I completed my taxes this morning. Or, at least I did for now. Quarterly filing means I have to spend a few more frustrating hours on the activity this year. I had hoped that the time would be less than twenty hours, but guessed thirty. That is about how many it took. The final frustration was that, for whatever reason, my Acrobat Reader seems not to be able to download the quarterly estimated filing forms. I'll have to stop at the library to pick them up. All this effort and we owe the IRS $757 for last year. Most of this was for wage tax. It is now 15%. Is it any wonder most people don't save anymore or that so few work? Still, with this tax, Social Security should be rolling in dough. We know it is not. The idea was a good one, but sadly the government turned a simple old-age insurance program into the largest Ponzi Scheme in history. I am doing my best to cash out before the bottom falls out. Still, we just paid in $656 and have not collected a cent. We are probably twenty years too young.

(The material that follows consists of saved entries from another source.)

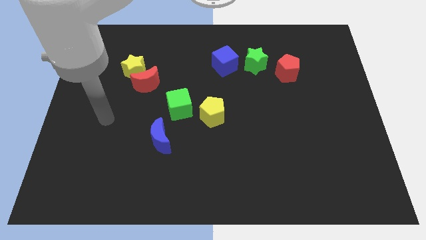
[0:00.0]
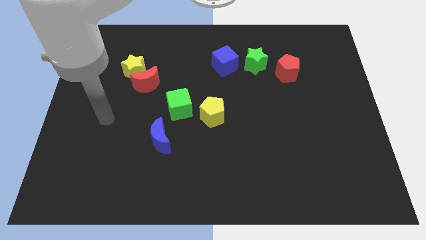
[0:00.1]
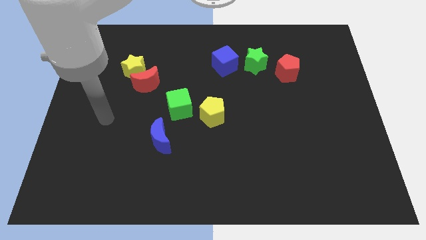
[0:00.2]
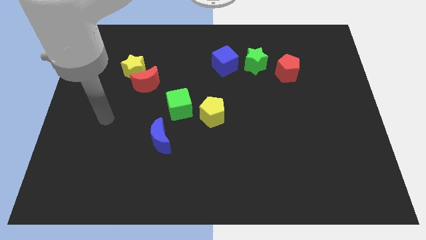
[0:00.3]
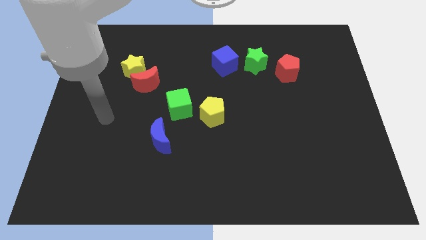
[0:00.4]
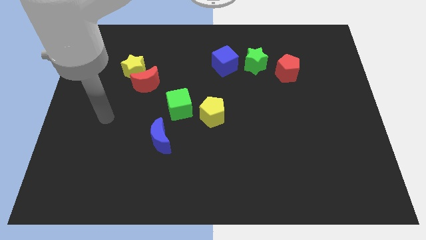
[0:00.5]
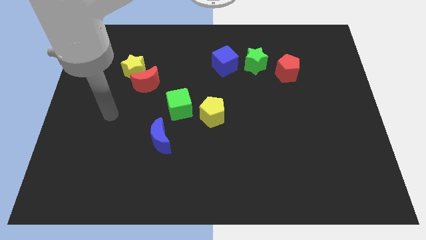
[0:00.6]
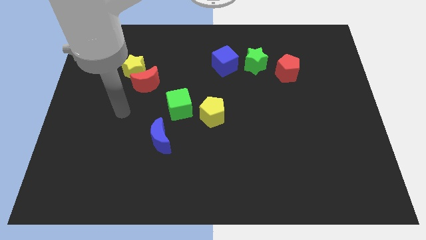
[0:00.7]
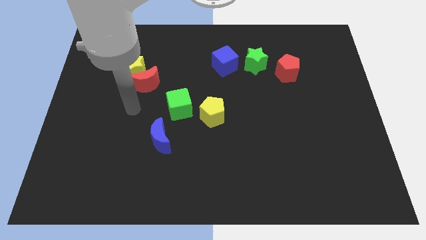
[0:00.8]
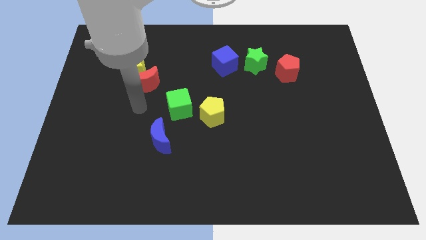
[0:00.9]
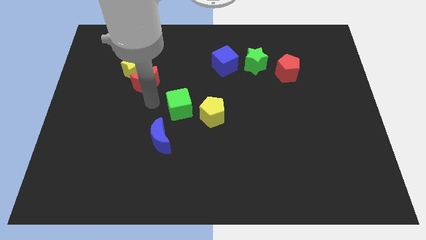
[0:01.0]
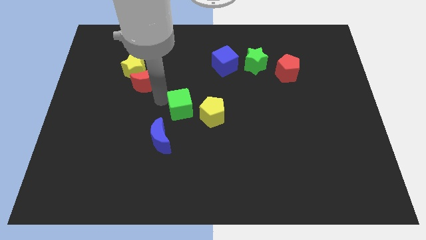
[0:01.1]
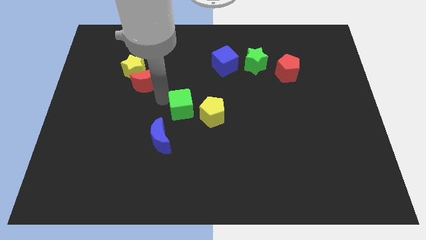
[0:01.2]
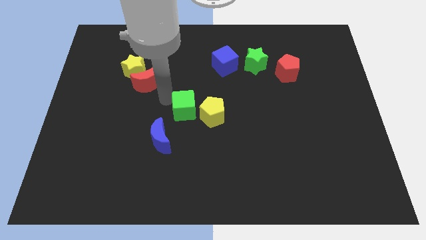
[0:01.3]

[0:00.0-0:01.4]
move the arm to the left side of the green cube

Our actual income tax for last year comes out to $101, and this is where most of the hours went in. Why so much time? Because the Congress is schizoid with regard to taxes. It has to bring in income, but it wants taxes to be "fair." It also wants to "encourage" certain behaviors, among them saving for such things as retirement, education, and health care. Unfortunately saving makes one wealthy and the wealthy have money to pay more taxes, and Congress twists the tax code to make them do so. All this leads to a witches brew of a tax system that is irrational in itself and pushes the taxpayer to adjust their behavior to the tax code because taxes much more affect our cash for spending than does income.
What is a fair tax. Clearly we all benefit from the government. So, we should all pay a tax. But, some are wealthier, have more income, property, or savings. Should these pay more? Probably not, though some make a case that the rich benefit more from government services such as law and order or national defence. Perhaps, but they are much less likely to receive food stamps and entitlements that make up the bulk of federal expenses that don't go to the national debt.

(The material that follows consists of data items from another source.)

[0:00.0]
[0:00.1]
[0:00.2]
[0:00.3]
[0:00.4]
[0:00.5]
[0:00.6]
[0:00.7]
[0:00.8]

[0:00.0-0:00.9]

Still, the do-gooders argue, the rich should pay more. OK, but how much more? Should they pay 10% more or twice as much? No the argument once went, they should pay in proportion to income. That obsencely means that a person who earns ten times as much as another pays ten times as much. The problem with this is two-fold. It provides too much money to the government and it makes government profoundly undemocratic. If the rich pay for government, don't the rich own it?
If a tax in proportion to income was bad, today it has become enormously worse. The rich pay a much higher rate on their income and so are encouraged not to earn it. Earn what you need and drop out becomes a reasonable strategy. We are following it.

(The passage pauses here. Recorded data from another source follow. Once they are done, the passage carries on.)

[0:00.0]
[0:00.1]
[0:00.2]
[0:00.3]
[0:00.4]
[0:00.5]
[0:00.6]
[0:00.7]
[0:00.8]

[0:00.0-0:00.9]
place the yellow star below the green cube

As taxes grew, workers ceased to save. How can one save when the government taxes 15% directly out of earnings? The government realized that this was a problem. Especially since the government old-age plan was a Ponzi Scheme and was never intended to be a complete retirement plan, something had to be done to get people saving again. There have been a multitude of solutions. These have included IRS's, 401K's, 403B's, etc. The view was that people would save to avoid income taxes now, and the government could nail them with taxes when they cashed out of these savsings accounts later. This has worked to some extent, but mostly only the rich use these devices. Why? Because the tax system has become so "fair" that most with a low income pay scant tax and don't bother. Saving subjects them to more tax.
Congress cannot simply stop itself from taxing savings. Now, there is even discussion of imposing wage taxes on savings. Of course, initially this will be done "only to the wealthy." That was once the case made for the "income tax."
So, today we have a tax code that has provisions for savings and for a zillion other things that Congress supposedly wants us to do. We may deduct for contributing to our church or the Red Cross, for paying mortgage interest, and, apparently, for providing housing to a displaced Midwestern individual. See line no. 42. Sadly we the people have created this monster. It is fair only to those who boldly say yes, I housed a displaced Midwestern individual. Prove they did not.
So many interest groups - all of us - studidly think we benefit from this grotesque and unfair system of taxation that it will not be undone or simplified until it collapses of its own weight. We are addicted to it and no politician speaks of changing it. We can only hope for change.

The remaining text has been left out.